--- START ---

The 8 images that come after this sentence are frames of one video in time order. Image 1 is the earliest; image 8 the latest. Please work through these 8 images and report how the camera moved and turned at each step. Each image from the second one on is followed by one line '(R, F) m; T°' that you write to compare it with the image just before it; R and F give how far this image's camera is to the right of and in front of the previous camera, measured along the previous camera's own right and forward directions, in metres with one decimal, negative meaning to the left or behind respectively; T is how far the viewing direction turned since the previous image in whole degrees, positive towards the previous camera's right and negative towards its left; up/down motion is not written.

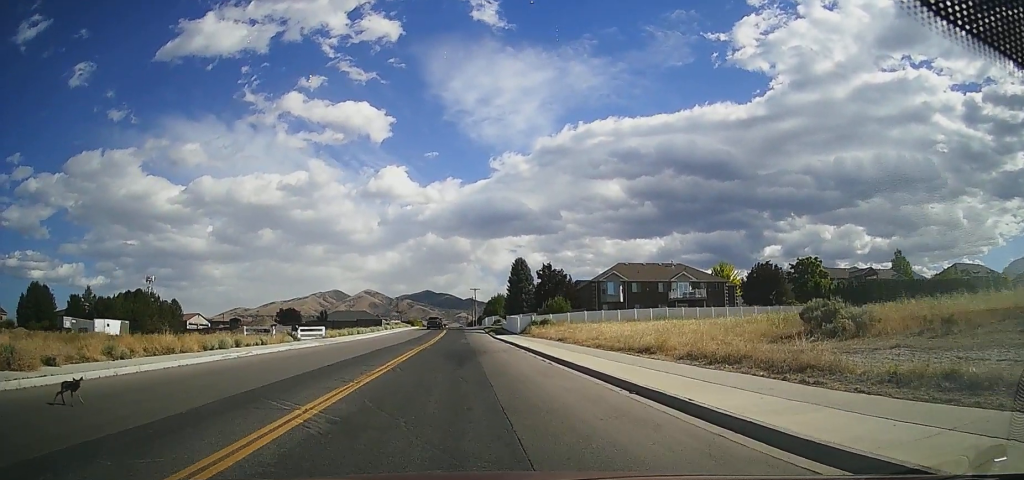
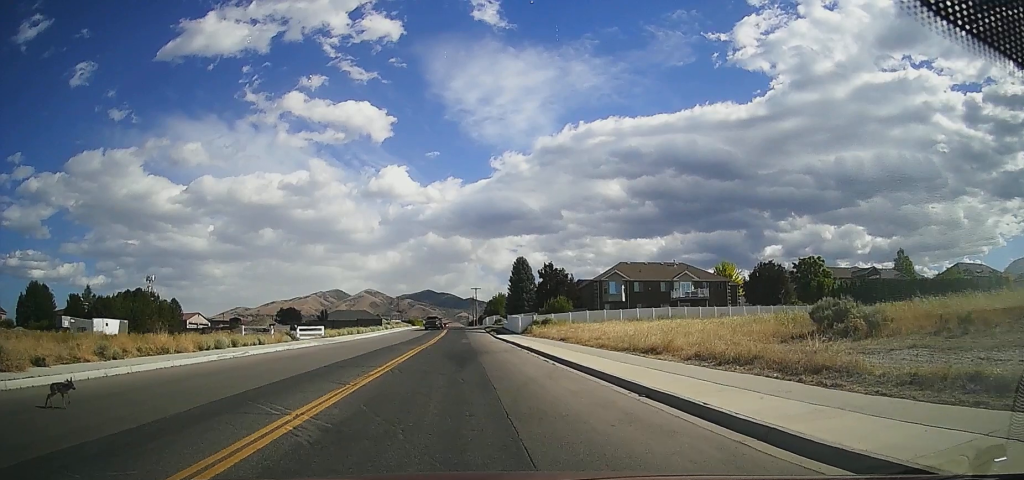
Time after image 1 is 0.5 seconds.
(0.0, +0.8) m; 0°
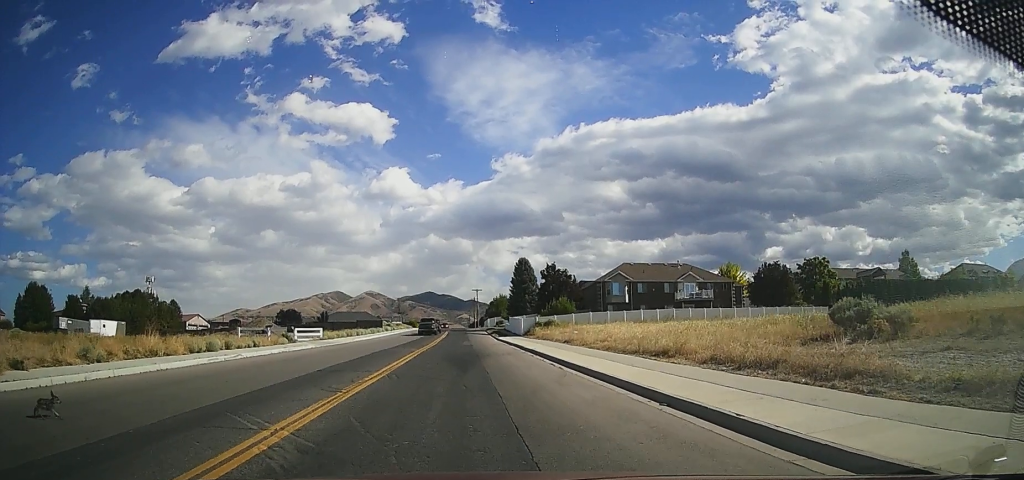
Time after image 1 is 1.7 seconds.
(0.0, +1.5) m; 0°
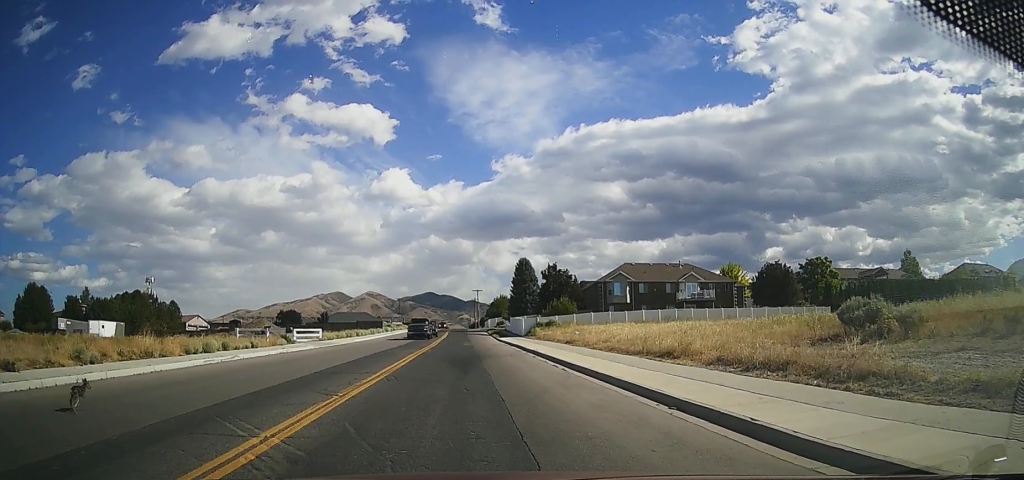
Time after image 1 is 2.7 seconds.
(0.0, +0.9) m; 0°
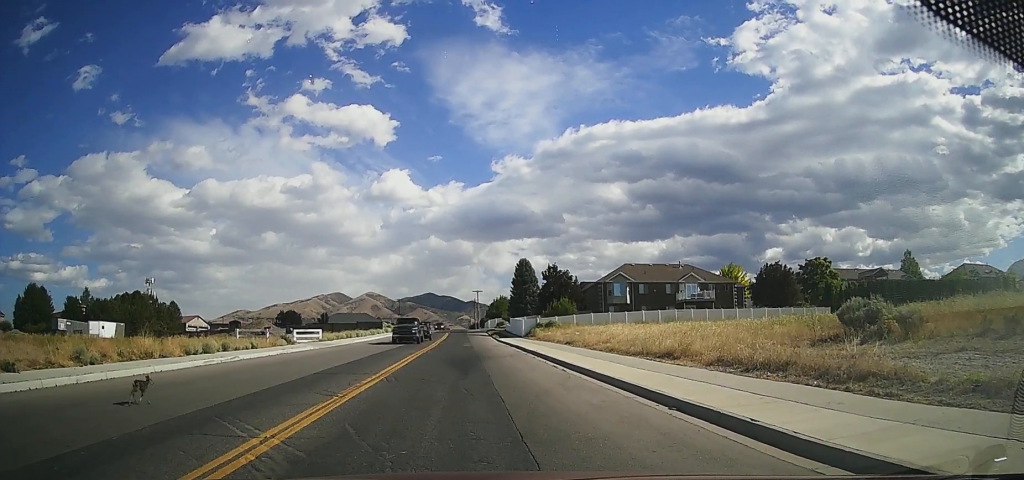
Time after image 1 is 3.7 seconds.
(0.0, +0.3) m; 0°
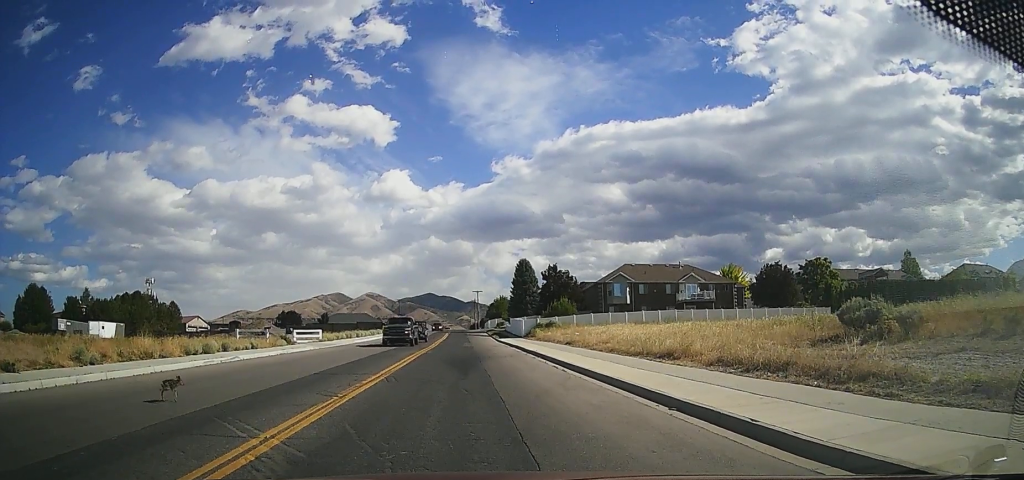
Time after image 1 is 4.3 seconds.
(0.0, 0.0) m; 0°
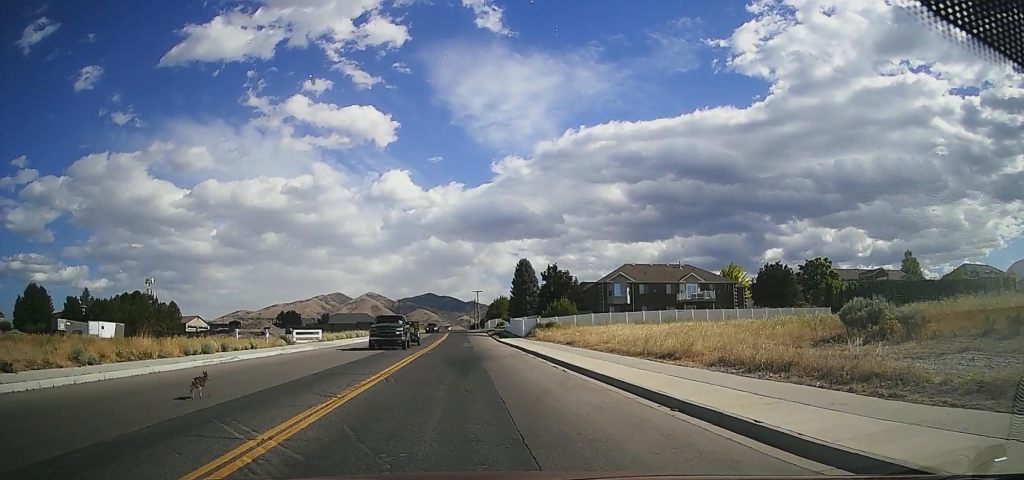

--- END ---

About this exercise - A verbatim copy of every record above is required, with all pictures omitted.

Result of the exercise -
The 8 images that come after this sentence are frames of one video in time order. Image 1 is the earliest; image 8 the latest. Please work through these 8 images and report how the camera moved and turned at each step. Each image from the second one on is followed by one line '(R, F) m; T°' that you write to compare it with the image just before it; R and F give how far this image's camera is to the right of and in front of the previous camera, measured along the previous camera's own right and forward directions, in metres with one decimal, negative meaning to the left or behind respectively; T is how far the viewing direction turned since the previous image in whole degrees, positive towards the previous camera's right and negative towards its left; up/down motion is not written.

Time after image 1 is 0.5 seconds.
(0.0, +0.8) m; 0°
Time after image 1 is 1.7 seconds.
(0.0, +1.5) m; 0°
Time after image 1 is 2.7 seconds.
(0.0, +0.9) m; 0°
Time after image 1 is 3.7 seconds.
(0.0, +0.3) m; 0°
Time after image 1 is 4.3 seconds.
(0.0, 0.0) m; 0°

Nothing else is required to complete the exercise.